• [THE PROBLEM]: Copy out all the records, word for word.

• [EXTRACTED RECORDS]:

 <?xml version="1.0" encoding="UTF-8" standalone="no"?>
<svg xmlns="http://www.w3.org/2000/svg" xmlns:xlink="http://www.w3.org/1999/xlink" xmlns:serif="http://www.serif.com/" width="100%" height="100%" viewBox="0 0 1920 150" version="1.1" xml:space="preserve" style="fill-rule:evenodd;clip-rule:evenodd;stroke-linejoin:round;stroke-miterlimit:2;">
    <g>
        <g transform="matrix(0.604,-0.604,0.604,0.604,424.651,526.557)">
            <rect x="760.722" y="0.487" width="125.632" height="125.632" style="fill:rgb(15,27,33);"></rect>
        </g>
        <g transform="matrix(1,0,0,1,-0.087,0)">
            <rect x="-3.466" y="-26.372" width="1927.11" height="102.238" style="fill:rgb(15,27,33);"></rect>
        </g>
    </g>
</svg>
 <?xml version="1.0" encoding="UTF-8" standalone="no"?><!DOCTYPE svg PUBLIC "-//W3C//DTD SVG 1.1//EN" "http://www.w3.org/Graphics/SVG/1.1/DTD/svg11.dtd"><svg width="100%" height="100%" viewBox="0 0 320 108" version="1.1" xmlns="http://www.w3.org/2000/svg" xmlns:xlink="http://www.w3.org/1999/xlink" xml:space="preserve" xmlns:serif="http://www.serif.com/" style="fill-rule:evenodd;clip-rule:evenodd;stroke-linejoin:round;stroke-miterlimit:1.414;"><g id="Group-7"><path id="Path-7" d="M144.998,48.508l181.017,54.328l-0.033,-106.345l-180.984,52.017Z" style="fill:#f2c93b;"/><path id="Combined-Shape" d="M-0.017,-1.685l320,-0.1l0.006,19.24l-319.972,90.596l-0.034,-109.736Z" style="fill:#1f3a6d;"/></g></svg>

• [TASK OUTPUT]:
 <?xml version="1.0" encoding="UTF-8" standalone="no"?>
<svg xmlns="http://www.w3.org/2000/svg" xmlns:xlink="http://www.w3.org/1999/xlink" xmlns:serif="http://www.serif.com/" width="100%" height="100%" viewBox="0 0 1920 150" version="1.1" xml:space="preserve" style="fill-rule:evenodd;clip-rule:evenodd;stroke-linejoin:round;stroke-miterlimit:2;">
    <g>
        <g transform="matrix(0.604,-0.604,0.604,0.604,424.651,526.557)">
            <rect x="760.722" y="0.487" width="125.632" height="125.632" style="fill:rgb(15,27,33);"></rect>
        </g>
        <g transform="matrix(1,0,0,1,-0.087,0)">
            <rect x="-3.466" y="-26.372" width="1927.11" height="102.238" style="fill:rgb(15,27,33);"></rect>
        </g>
    </g>
</svg>
 <?xml version="1.0" encoding="UTF-8" standalone="no"?><!DOCTYPE svg PUBLIC "-//W3C//DTD SVG 1.1//EN" "http://www.w3.org/Graphics/SVG/1.1/DTD/svg11.dtd"><svg width="100%" height="100%" viewBox="0 0 320 108" version="1.1" xmlns="http://www.w3.org/2000/svg" xmlns:xlink="http://www.w3.org/1999/xlink" xml:space="preserve" xmlns:serif="http://www.serif.com/" style="fill-rule:evenodd;clip-rule:evenodd;stroke-linejoin:round;stroke-miterlimit:1.414;"><g id="Group-7"><path id="Path-7" d="M144.998,48.508l181.017,54.328l-0.033,-106.345l-180.984,52.017Z" style="fill:#f2c93b;"/><path id="Combined-Shape" d="M-0.017,-1.685l320,-0.1l0.006,19.24l-319.972,90.596l-0.034,-109.736Z" style="fill:#1f3a6d;"/></g></svg>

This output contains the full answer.